Présenté mardi 21 mai en soirée dans la section parallèle "Cannes Première", ce biopic consacré à Maria Schneider, actrice marquée à vie par le tournage violent du Dernier tango à Paris, est évidemment le bienvenu étant donné le contexte #MeToo, même s’il est un peu trop sage… Dommage !
Plus tout à fait une enfant, pas encore une adulte, Maria Schneider a enflammé la pellicule en tournant Le Dernier Tango à Paris, de Bernardo Bertolucci, en 1972. Mais ce qu’elle ne savait pas alors, dans la candeur de ses 19 ans, c’est à quel point ce tournage, plus encore que ce film soi-disant mythique, allait cramer sa vie. Ce que tente de raconter Maria, le biopic un peu trop sage que Jessica Palud consacre à cette icône tragique du cinéma, adaptant librement le beau livre que la journaliste Vanessa Schneider, sa cousine, lui avait consacré en 2018 (Tu t’appelais Maria Schneider, chez Grasset).
Flash-back
Un retour rapide sur l’intrigue du film de Bertolucci s’impose sans doute, histoire de mieux saisir les enjeux du récit de Palud (présenté en avant-première à Cannes, il sortira en salles le 19 juin).

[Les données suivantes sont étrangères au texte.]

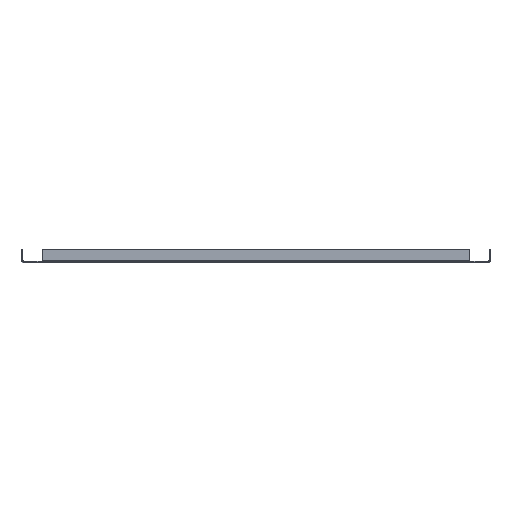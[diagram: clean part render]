
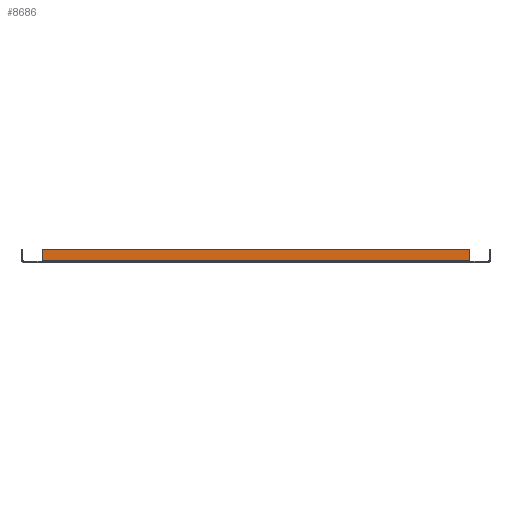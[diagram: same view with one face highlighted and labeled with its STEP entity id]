
A CAD part, top view. The second image highlights one B-rep face of the part: STEP entity #8686.
In plain terms, the highlighted planar face has unit normal (0, 0, 1).
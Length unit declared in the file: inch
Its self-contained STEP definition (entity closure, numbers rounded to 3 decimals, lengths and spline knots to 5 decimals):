
#8 = DIRECTION ( 'NONE',  ( 0., -1., 0. ) ) ;
#188 = FACE_OUTER_BOUND ( 'NONE', #3329, .T. ) ;
#315 = CARTESIAN_POINT ( 'NONE',  ( -12.342, 0.086, 16.5 ) ) ;
#386 = CARTESIAN_POINT ( 'NONE',  ( 12.342, 0.047, 16.5 ) ) ;
#927 = LINE ( 'NONE', #6998, #3924 ) ;
#2317 = DIRECTION ( 'NONE',  ( -1., 0., 0. ) ) ;
#2395 = LINE ( 'NONE', #2719, #6775 ) ;
#2492 = VERTEX_POINT ( 'NONE', #2619 ) ;
#2619 = CARTESIAN_POINT ( 'NONE',  ( 12.342, 0.086, 16.5 ) ) ;
#2719 = CARTESIAN_POINT ( 'NONE',  ( 12.342, 0.086, 16.5 ) ) ;
#2849 = ORIENTED_EDGE ( 'NONE', *, *, #7974, .T. ) ;
#3024 = DIRECTION ( 'NONE',  ( 0., 1., 0. ) ) ;
#3114 = PLANE ( 'NONE',  #4732 ) ;
#3329 = EDGE_LOOP ( 'NONE', ( #7007, #5834, #2849, #7019 ) ) ;
#3921 = CARTESIAN_POINT ( 'NONE',  ( 12.342, 0.75, 16.5 ) ) ;
#3924 = VECTOR ( 'NONE', #2317, 39.37008 ) ;
#4258 = EDGE_CURVE ( 'NONE', #8936, #5952, #5360, .T. ) ;
#4732 = AXIS2_PLACEMENT_3D ( 'NONE', #4780, #4752, #8 ) ;
#4752 = DIRECTION ( 'NONE',  ( 0., 0., 1. ) ) ;
#4780 = CARTESIAN_POINT ( 'NONE',  ( -13.41392, 0.047, 16.5 ) ) ;
#5360 = LINE ( 'NONE', #9311, #8488 ) ;
#5802 = LINE ( 'NONE', #386, #6930 ) ;
#5834 = ORIENTED_EDGE ( 'NONE', *, *, #6225, .F. ) ;
#5951 = DIRECTION ( 'NONE',  ( 0., 1., 0. ) ) ;
#5952 = VERTEX_POINT ( 'NONE', #9464 ) ;
#6225 = EDGE_CURVE ( 'NONE', #2492, #8936, #2395, .T. ) ;
#6775 = VECTOR ( 'NONE', #9115, 39.37008 ) ;
#6930 = VECTOR ( 'NONE', #5951, 39.37008 ) ;
#6998 = CARTESIAN_POINT ( 'NONE',  ( -13.41392, 0.75, 16.5 ) ) ;
#7007 = ORIENTED_EDGE ( 'NONE', *, *, #4258, .F. ) ;
#7019 = ORIENTED_EDGE ( 'NONE', *, *, #8226, .T. ) ;
#7974 = EDGE_CURVE ( 'NONE', #2492, #9926, #5802, .T. ) ;
#8226 = EDGE_CURVE ( 'NONE', #9926, #5952, #927, .T. ) ;
#8488 = VECTOR ( 'NONE', #3024, 39.37008 ) ;
#8686 = ADVANCED_FACE ( 'NONE', ( #188 ), #3114, .T. ) ;
#8936 = VERTEX_POINT ( 'NONE', #315 ) ;
#9115 = DIRECTION ( 'NONE',  ( -1., 0., 0. ) ) ;
#9311 = CARTESIAN_POINT ( 'NONE',  ( -12.342, 0., 16.5 ) ) ;
#9464 = CARTESIAN_POINT ( 'NONE',  ( -12.342, 0.75, 16.5 ) ) ;
#9926 = VERTEX_POINT ( 'NONE', #3921 ) ;
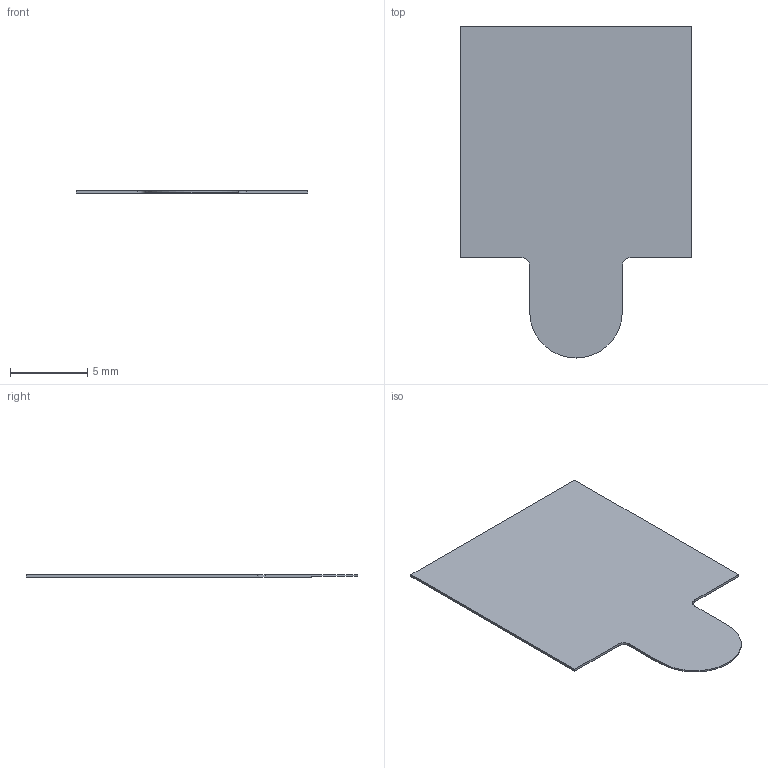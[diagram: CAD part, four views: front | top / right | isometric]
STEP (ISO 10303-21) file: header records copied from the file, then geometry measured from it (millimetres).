
FILE_DESCRIPTION (( 'STEP AP214' ), '1' );
FILE_NAME ('FXR.1515.A_Web.STEP', '2024-08-01T02:34:15', ( '' ), ( '' ), 'SwSTEP 2.0', 'SolidWorks 2022', '' );
FILE_SCHEMA (( 'AUTOMOTIVE_DESIGN' ));
Length unit declared in the file: millimetre
Products named in the file (1): FXR.1515.A_Web
Bounding box: 15 x 21.5 x 0.17 mm (x, y, z)
Volume: 41 mm3; surface area: 532.8 mm2
Topology: 1 solids, 1 shells, 348 faces, 943 edges, 628 vertices
Faces by surface type: plane 224, bspline 121, cylinder 3
Entity records: 17013 total; most frequent: CARTESIAN_POINT 5201, ORIENTED_EDGE 1886, DIRECTION 1163, EDGE_CURVE 943, LINE 695, VECTOR 695, VERTEX_POINT 628, EDGE_LOOP 379
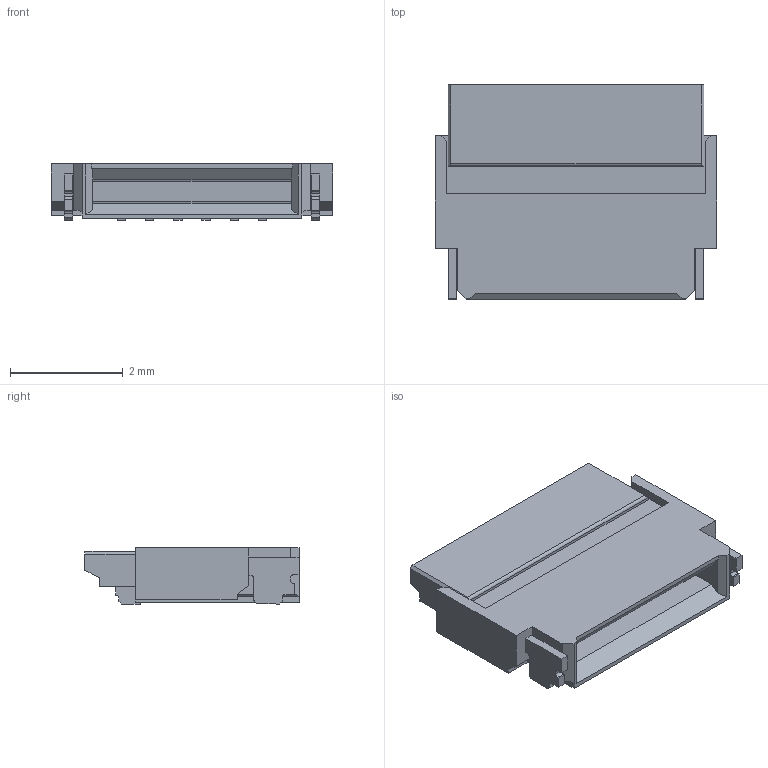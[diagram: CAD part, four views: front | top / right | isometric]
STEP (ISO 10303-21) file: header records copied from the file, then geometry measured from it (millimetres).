
FILE_DESCRIPTION(('Creo Elements/Direct Modeling STEP Export'),'2;1');
FILE_NAME('FH34D-4S-0.5SH.stp','2022-04-18T11:31:32',(''),(''),'Creo Elements/Direct Modeling STEP processor for AP214 (Solid Model)','Creo Elements/Direct Modeling 19.0F 14-Feb-2017 (C) Parametric Technology GmbH','');
FILE_SCHEMA(('AUTOMOTIVE_DESIGN { 1 0 10303 214 1 1 1 1 }'));
Length unit declared in the file: millimetre
Products named in the file (2): FH34D-4S-0_5SH-62220.PRT
Assembly tree (1 placements, depth 2):
  FH34D-4S-0_5SH-62220.PRT
    FH34D-4S-0_5SH-62220.PRT
Bounding box: 5 x 3.8 x 1 mm (x, y, z)
Volume: 13.1 mm3; surface area: 65.7 mm2
Topology: 1 solids, 1 shells, 193 faces, 545 edges, 356 vertices
Faces by surface type: plane 170, cylinder 23
Entity records: 6240 total; most frequent: CARTESIAN_POINT 1101, ORIENTED_EDGE 1090, DIRECTION 985, EDGE_CURVE 545, VECTOR 499, LINE 499, VERTEX_POINT 356, AXIS2_PLACEMENT_3D 243
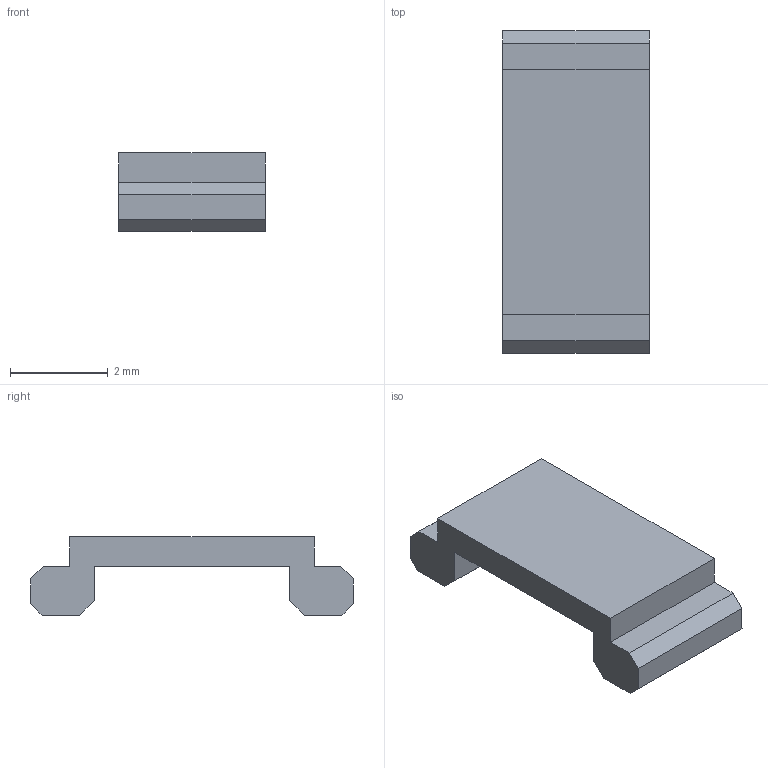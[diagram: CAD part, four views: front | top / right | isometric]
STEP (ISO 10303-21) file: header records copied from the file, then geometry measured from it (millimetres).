
FILE_DESCRIPTION(('CATIA V5 STEP Exchange','CAx-IF Rec.Pracs.--- Model Styling and Organization---1.5--- 2016-08-15','CAx-IF Rec.Pracs.---Supplemental Geometry---1.0---2011-11-01','CAx-IF Rec.Pracs.--- Composite Materials ---1.1---2010-07-15'),'2;1');
FILE_NAME ('D1452629_0', '2025-09-22T05:34:10+00:00', ('none'), ('Weidmueller'), 'CATIA Version 5-6 Release 2024 SP4', 'CATIA V5 STEP AP214 v3', 'none');
FILE_SCHEMA(('AUTOMOTIVE_DESIGN { 1 0 10303 214 1 1 1 1 }'));
Length unit declared in the file: millimetre
Products named in the file (1): MF 5/3.5
Bounding box: 3 x 6.6 x 1.6 mm (x, y, z)
Volume: 16.2 mm3; surface area: 63.2 mm2
Topology: 1 solids, 1 shells, 20 faces, 54 edges, 36 vertices
Faces by surface type: plane 20
Entity records: 624 total; most frequent: CARTESIAN_POINT 108, ORIENTED_EDGE 108, DIRECTION 88, VECTOR 54, EDGE_CURVE 54, LINE 54, VERTEX_POINT 36, ADVANCED_FACE 20
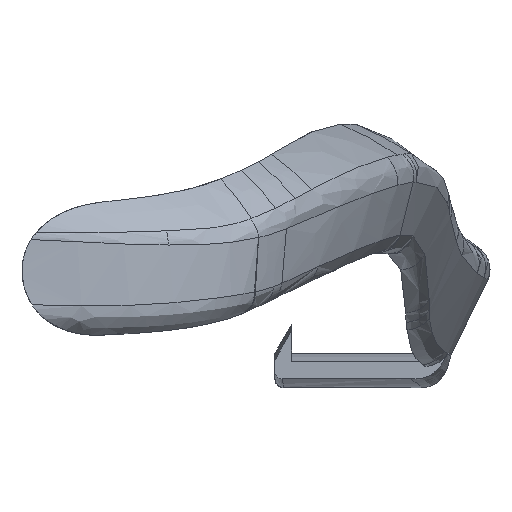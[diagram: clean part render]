
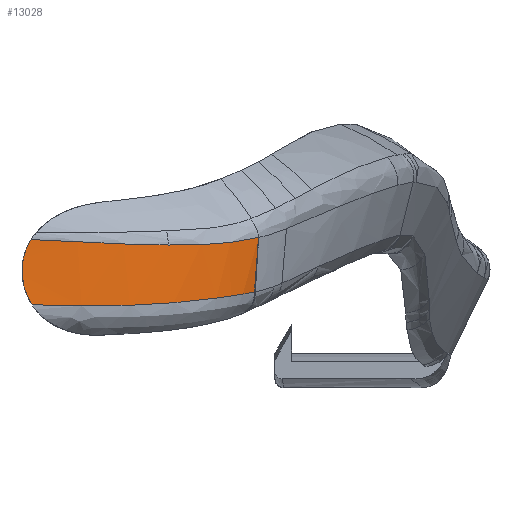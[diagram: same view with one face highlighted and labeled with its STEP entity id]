
A CAD part, left-side view. The second image highlights one B-rep face of the part: STEP entity #13028.
In plain terms, the highlighted free-form (B-spline) face has degree [1, 3] with [2, 9] control points.
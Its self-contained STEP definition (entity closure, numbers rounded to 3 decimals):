
#9015=CARTESIAN_POINT('Vertex',(-67.02,5.653,15.303)) ;
#9276=CARTESIAN_POINT('Vertex',(-70.961,11.043,14.85)) ;
#9280=CARTESIAN_POINT('Control Point',(-67.02,5.653,15.303)) ;
#9281=CARTESIAN_POINT('Control Point',(-67.151,5.778,15.272)) ;
#9282=CARTESIAN_POINT('Control Point',(-67.289,5.911,15.239)) ;
#9283=CARTESIAN_POINT('Control Point',(-67.419,6.043,15.21)) ;
#9284=CARTESIAN_POINT('Control Point',(-67.811,6.447,15.127)) ;
#9285=CARTESIAN_POINT('Control Point',(-68.186,6.865,15.059)) ;
#9286=CARTESIAN_POINT('Control Point',(-68.428,7.151,15.02)) ;
#9287=CARTESIAN_POINT('Control Point',(-68.724,7.517,14.977)) ;
#9288=CARTESIAN_POINT('Control Point',(-69.009,7.893,14.944)) ;
#9289=CARTESIAN_POINT('Control Point',(-69.056,7.957,14.938)) ;
#9290=CARTESIAN_POINT('Control Point',(-69.167,8.106,14.926)) ;
#9291=CARTESIAN_POINT('Control Point',(-69.272,8.252,14.916)) ;
#9292=CARTESIAN_POINT('Control Point',(-69.322,8.322,14.911)) ;
#9293=CARTESIAN_POINT('Control Point',(-69.487,8.556,14.896)) ;
#9294=CARTESIAN_POINT('Control Point',(-69.642,8.785,14.885)) ;
#9295=CARTESIAN_POINT('Control Point',(-69.742,8.934,14.879)) ;
#9296=CARTESIAN_POINT('Control Point',(-69.885,9.155,14.871)) ;
#9297=CARTESIAN_POINT('Control Point',(-70.028,9.386,14.864)) ;
#9298=CARTESIAN_POINT('Control Point',(-70.058,9.434,14.863)) ;
#9299=CARTESIAN_POINT('Control Point',(-70.269,9.777,14.854)) ;
#9300=CARTESIAN_POINT('Control Point',(-70.472,10.125,14.851)) ;
#9301=CARTESIAN_POINT('Control Point',(-70.644,10.435,14.848)) ;
#9302=CARTESIAN_POINT('Control Point',(-70.806,10.738,14.848)) ;
#9303=CARTESIAN_POINT('Control Point',(-70.961,11.043,14.85)) ;
#9348=CARTESIAN_POINT('Vertex',(-73.699,19.218,15.173)) ;
#9352=CARTESIAN_POINT('Control Point',(-70.961,11.043,14.849)) ;
#9353=CARTESIAN_POINT('Control Point',(-71.472,12.048,14.853)) ;
#9354=CARTESIAN_POINT('Control Point',(-72.337,14.103,14.917)) ;
#9355=CARTESIAN_POINT('Control Point',(-73.165,16.862,15.07)) ;
#9356=CARTESIAN_POINT('Control Point',(-73.563,18.571,15.147)) ;
#9357=CARTESIAN_POINT('Control Point',(-73.699,19.218,15.173)) ;
#12903=CARTESIAN_POINT('Control Point',(-66.726,5.893,12.045)) ;
#12904=CARTESIAN_POINT('Control Point',(-66.79,5.837,12.778)) ;
#12905=CARTESIAN_POINT('Control Point',(-66.854,5.782,13.511)) ;
#12906=CARTESIAN_POINT('Control Point',(-66.882,5.757,13.838)) ;
#12907=CARTESIAN_POINT('Control Point',(-66.946,5.701,14.572)) ;
#12908=CARTESIAN_POINT('Control Point',(-67.01,5.646,15.305)) ;
#12909=CARTESIAN_POINT('Vertex',(-66.726,5.893,12.045)) ;
#12959=CARTESIAN_POINT('Control Point',(-67.02,5.653,15.303)) ;
#12960=CARTESIAN_POINT('Control Point',(-67.972,6.556,15.072)) ;
#12961=CARTESIAN_POINT('Control Point',(-69.359,8.223,14.868)) ;
#12962=CARTESIAN_POINT('Control Point',(-70.547,10.229,14.846)) ;
#12963=CARTESIAN_POINT('Control Point',(-71.453,12.009,14.854)) ;
#12964=CARTESIAN_POINT('Control Point',(-72.162,13.698,14.905)) ;
#12965=CARTESIAN_POINT('Control Point',(-73.091,16.541,15.05)) ;
#12966=CARTESIAN_POINT('Control Point',(-73.556,18.482,15.149)) ;
#12967=CARTESIAN_POINT('Control Point',(-73.816,19.786,15.196)) ;
#12968=CARTESIAN_POINT('Control Point',(-66.725,5.894,12.032)) ;
#12969=CARTESIAN_POINT('Control Point',(-67.795,6.671,11.898)) ;
#12970=CARTESIAN_POINT('Control Point',(-69.253,8.27,11.651)) ;
#12971=CARTESIAN_POINT('Control Point',(-70.446,10.252,11.437)) ;
#12972=CARTESIAN_POINT('Control Point',(-71.349,12.02,11.302)) ;
#12973=CARTESIAN_POINT('Control Point',(-72.054,13.703,11.231)) ;
#12974=CARTESIAN_POINT('Control Point',(-72.971,16.543,11.216)) ;
#12975=CARTESIAN_POINT('Control Point',(-73.442,18.477,11.262)) ;
#12976=CARTESIAN_POINT('Control Point',(-73.716,19.774,11.301)) ;
#12978=CARTESIAN_POINT('Control Point',(-73.583,19.159,11.283)) ;
#12979=CARTESIAN_POINT('Control Point',(-73.7,19.605,11.965)) ;
#12980=CARTESIAN_POINT('Control Point',(-73.773,19.868,12.775)) ;
#12981=CARTESIAN_POINT('Control Point',(-73.799,19.896,13.686)) ;
#12982=CARTESIAN_POINT('Control Point',(-73.772,19.65,14.489)) ;
#12983=CARTESIAN_POINT('Control Point',(-73.699,19.218,15.174)) ;
#12984=CARTESIAN_POINT('Vertex',(-73.583,19.159,11.283)) ;
#12988=CARTESIAN_POINT('Control Point',(-69.033,8.162,11.687)) ;
#12989=CARTESIAN_POINT('Control Point',(-69.264,8.458,11.647)) ;
#12990=CARTESIAN_POINT('Control Point',(-69.495,8.772,11.606)) ;
#12991=CARTESIAN_POINT('Control Point',(-69.713,9.093,11.567)) ;
#12992=CARTESIAN_POINT('Control Point',(-70.135,9.742,11.493)) ;
#12993=CARTESIAN_POINT('Control Point',(-70.52,10.411,11.429)) ;
#12994=CARTESIAN_POINT('Control Point',(-70.71,10.763,11.398)) ;
#12995=CARTESIAN_POINT('Control Point',(-71.235,11.789,11.319)) ;
#12996=CARTESIAN_POINT('Control Point',(-71.694,12.843,11.267)) ;
#12997=CARTESIAN_POINT('Control Point',(-71.959,13.512,11.245)) ;
#12998=CARTESIAN_POINT('Control Point',(-72.502,15.027,11.216)) ;
#12999=CARTESIAN_POINT('Control Point',(-72.953,16.571,11.226)) ;
#13000=CARTESIAN_POINT('Control Point',(-73.182,17.43,11.24)) ;
#13001=CARTESIAN_POINT('Control Point',(-73.391,18.293,11.261)) ;
#13002=CARTESIAN_POINT('Control Point',(-73.583,19.159,11.283)) ;
#13003=CARTESIAN_POINT('Vertex',(-69.033,8.162,11.687)) ;
#13007=CARTESIAN_POINT('Control Point',(-66.725,5.894,12.032)) ;
#13008=CARTESIAN_POINT('Control Point',(-66.842,5.979,12.017)) ;
#13009=CARTESIAN_POINT('Control Point',(-66.954,6.064,12.003)) ;
#13010=CARTESIAN_POINT('Control Point',(-67.065,6.15,11.989)) ;
#13011=CARTESIAN_POINT('Control Point',(-67.429,6.446,11.94)) ;
#13012=CARTESIAN_POINT('Control Point',(-67.772,6.758,11.891)) ;
#13013=CARTESIAN_POINT('Control Point',(-67.988,6.968,11.858)) ;
#13014=CARTESIAN_POINT('Control Point',(-68.339,7.333,11.803)) ;
#13015=CARTESIAN_POINT('Control Point',(-68.669,7.713,11.749)) ;
#13016=CARTESIAN_POINT('Control Point',(-68.789,7.856,11.728)) ;
#13017=CARTESIAN_POINT('Control Point',(-68.911,8.006,11.708)) ;
#13018=CARTESIAN_POINT('Control Point',(-69.033,8.162,11.687)) ;
#13021=ORIENTED_EDGE('',*,*,#12986,.F.) ;
#13022=ORIENTED_EDGE('',*,*,#13005,.F.) ;
#13023=ORIENTED_EDGE('',*,*,#13019,.F.) ;
#13024=ORIENTED_EDGE('',*,*,#12911,.T.) ;
#13025=ORIENTED_EDGE('',*,*,#9304,.T.) ;
#13026=ORIENTED_EDGE('',*,*,#9358,.T.) ;
#13028=ADVANCED_FACE('Rim_Attachment_Sample',(#13027),#12958,.F.) ;
#9279=B_SPLINE_CURVE_WITH_KNOTS('',5,(#9280,#9281,#9282,#9283,#9284,#9285,#9286,#9287,#9288,#9289,#9290,#9291,#9292,#9293,#9294,#9295,#9296,#9297,#9298,#9299,#9300,#9301,#9302,#9303),.UNSPECIFIED.,.F.,.U.,(6,3,3,3,3,3,3,6),(0.,1.287,3.886,4.545,5.184,6.683,7.077,9.467),.UNSPECIFIED.) ;
#12902=B_SPLINE_CURVE_WITH_KNOTS('',5,(#12903,#12904,#12905,#12906,#12907,#12908),.UNSPECIFIED.,.F.,.U.,(6,6),(0.,5.218),.UNSPECIFIED.) ;
#12977=B_SPLINE_CURVE_WITH_KNOTS('',5,(#12978,#12979,#12980,#12981,#12982,#12983),.UNSPECIFIED.,.F.,.U.,(6,6),(0.,5.695),.UNSPECIFIED.) ;
#12987=B_SPLINE_CURVE_WITH_KNOTS('',5,(#12988,#12989,#12990,#12991,#12992,#12993,#12994,#12995,#12996,#12997,#12998,#12999,#13000,#13001,#13002),.UNSPECIFIED.,.F.,.U.,(6,3,3,3,6),(4.499,6.919,9.986,15.129,21.493),.UNSPECIFIED.) ;
#13006=B_SPLINE_CURVE_WITH_KNOTS('',5,(#13007,#13008,#13009,#13010,#13011,#13012,#13013,#13014,#13015,#13016,#13017,#13018),.UNSPECIFIED.,.F.,.U.,(6,3,3,6),(0.,0.96,3.228,4.499),.UNSPECIFIED.) ;
#12958=B_SPLINE_SURFACE_WITH_KNOTS('',1,3,((#12959,#12960,#12961,#12962,#12963,#12964,#12965,#12966,#12967),(#12968,#12969,#12970,#12971,#12972,#12973,#12974,#12975,#12976)),.UNSPECIFIED.,.F.,.F.,.U.,(2,2),(4,1,1,1,1,1,4),(0.,3.55),(0.,3.99,6.483,6.982,9.974,11.969,15.958),.UNSPECIFIED.) ;
#9304=EDGE_CURVE('',#9016,#9277,#9279,.T.) ;
#9358=EDGE_CURVE('',#9277,#9349,#9351,.T.) ;
#12911=EDGE_CURVE('',#12910,#9016,#12902,.T.) ;
#12986=EDGE_CURVE('',#12985,#9349,#12977,.T.) ;
#13005=EDGE_CURVE('',#13004,#12985,#12987,.T.) ;
#13019=EDGE_CURVE('',#12910,#13004,#13006,.T.) ;
#13020=EDGE_LOOP('',(#13021,#13022,#13023,#13024,#13025,#13026)) ;
#13027=FACE_OUTER_BOUND('',#13020,.T.) ;
#9016=VERTEX_POINT('',#9015) ;
#9277=VERTEX_POINT('',#9276) ;
#9349=VERTEX_POINT('',#9348) ;
#12910=VERTEX_POINT('',#12909) ;
#12985=VERTEX_POINT('',#12984) ;
#13004=VERTEX_POINT('',#13003) ;
#9351=(BOUNDED_CURVE()B_SPLINE_CURVE(3,(#9352,#9353,#9354,#9355,#9356,#9357),.UNSPECIFIED.,.F.,.U.)B_SPLINE_CURVE_WITH_KNOTS((4,1,1,4),(6.671,9.981,13.292,15.3),.UNSPECIFIED.)CURVE()GEOMETRIC_REPRESENTATION_ITEM()RATIONAL_B_SPLINE_CURVE((1.,1.,1.,1.,1.,1.))REPRESENTATION_ITEM('')) ;

À celles et ceux qui l’ignoreraient encore, Le Dernier Tango raconte la rencontre impromptue, à Paris, entre Jeanne, une jeune Française de 20 ans (Maria Schneider), et Paul, un quadra américain fatigué (Marlon Brando). Sans rien savoir l’un de l’autre, ils nouent aussitôt une relation charnelle et se retrouvent très vite dans un grand appartement vide aux volets clos, où, pendant trois jours, ils feront l’amour violemment, l’affaire se terminant très très mal.
Si le film fut si décrié et attaqué, s’il fut classé X dans nombre de pays et interdit aux moins de 18 ans en France au moment de sa sortie en salles, ce fut bien sûr à cause des nombreuses scènes (frontales) de nudité et de sexe qui le jalonnent, dont une particulièrement brutale : une sodomie avec utilisation d’un morceau de beurre comme lubrifiant (sachant que Maria Schneider était alors maintenue de force au sol par Marlon Brando). Cette scène éprouvante fut tournée sans le consentement de Maria (elle ne figurait pas dans le scénario, Bertolucci et Brando ayant décidé de l’ajouter au dernier moment, sans la prévenir) : ses larmes sont donc bien réelles. Sauf que personne, à l’époque, ne sut entendre sa souffrance, même quand elle en a parlé à l’équipe ou, plus tard, à des journalistes. Or c’est ce viol, puisque c’en est un, et ce silence qui l’ont précipitée dans nombre d’excès, dont une addiction aux drogues dures. En clair, la jeune actrice incandescente, tellement prometteuse, ne s’est jamais remise de ce trauma initial (plusieurs séjours en hôpital psychiatrique à la clé), tout comme sa carrière, assez erratique.
Conventionnel
Voilà pourquoi, bien sûr, le film de Jessica Palud est nécessaire. Emblématique de notre époque post-#Me Too, qui dénonce justement les violences sexistes et sexuelles sévissant dans l’industrie du cinéma, il n’apporte certes aucun élément nouveau sur ce tournage en forme de cauchemar pour l’actrice. Mais en adoptant son point de vue, en témoignant de sa fougue, puis de son humiliation, puis de sa solitude, il lui permet en tout cas d’être entendue (elle n’en saura rien, malheureusement, puisqu’elle est décédée en 2011 à l’âge de 59 ans…).
Est-ce à dire que sa voix portera enfin comme il se doit ? Pas sûr, car Jessica Palud opte pour un récit classique, linéaire, un peu lisse aussi. S’il a le mérite de dérouler méthodiquement les faits, il donne surtout le sentiment d’être conventionnel, donc à rebours de la personnalité hors norme de son héroïne. A aucun moment l’on est frappé, troublé, aimanté par sa lutte, entre grâce et disgrâce, alors qu’il suffit de regarder trois images d’archives avec Maria Schneider, la vraie, pour être happé·e par son magnétisme, son intelligence, son feu intérieur… et ses yeux, aussi sombres qu’un puits sans fond.
Nul reproche à faire à Ana Maria Vartolomei, actrice lumineuse qui prête ses traits graciles à la Maria de Jessica Palud et se donne beaucoup de mal pour restituer sa présence, son charme, sa colère. Mais elle ne peut pas, à elle seule, enflammer un récit qui se contente de grésiller… alors qu’il aurait dû brûler.
Maria, de Jessica Palud. Présenté dans la section Cannes Première. En salle le 19 juin. © Haut et Court.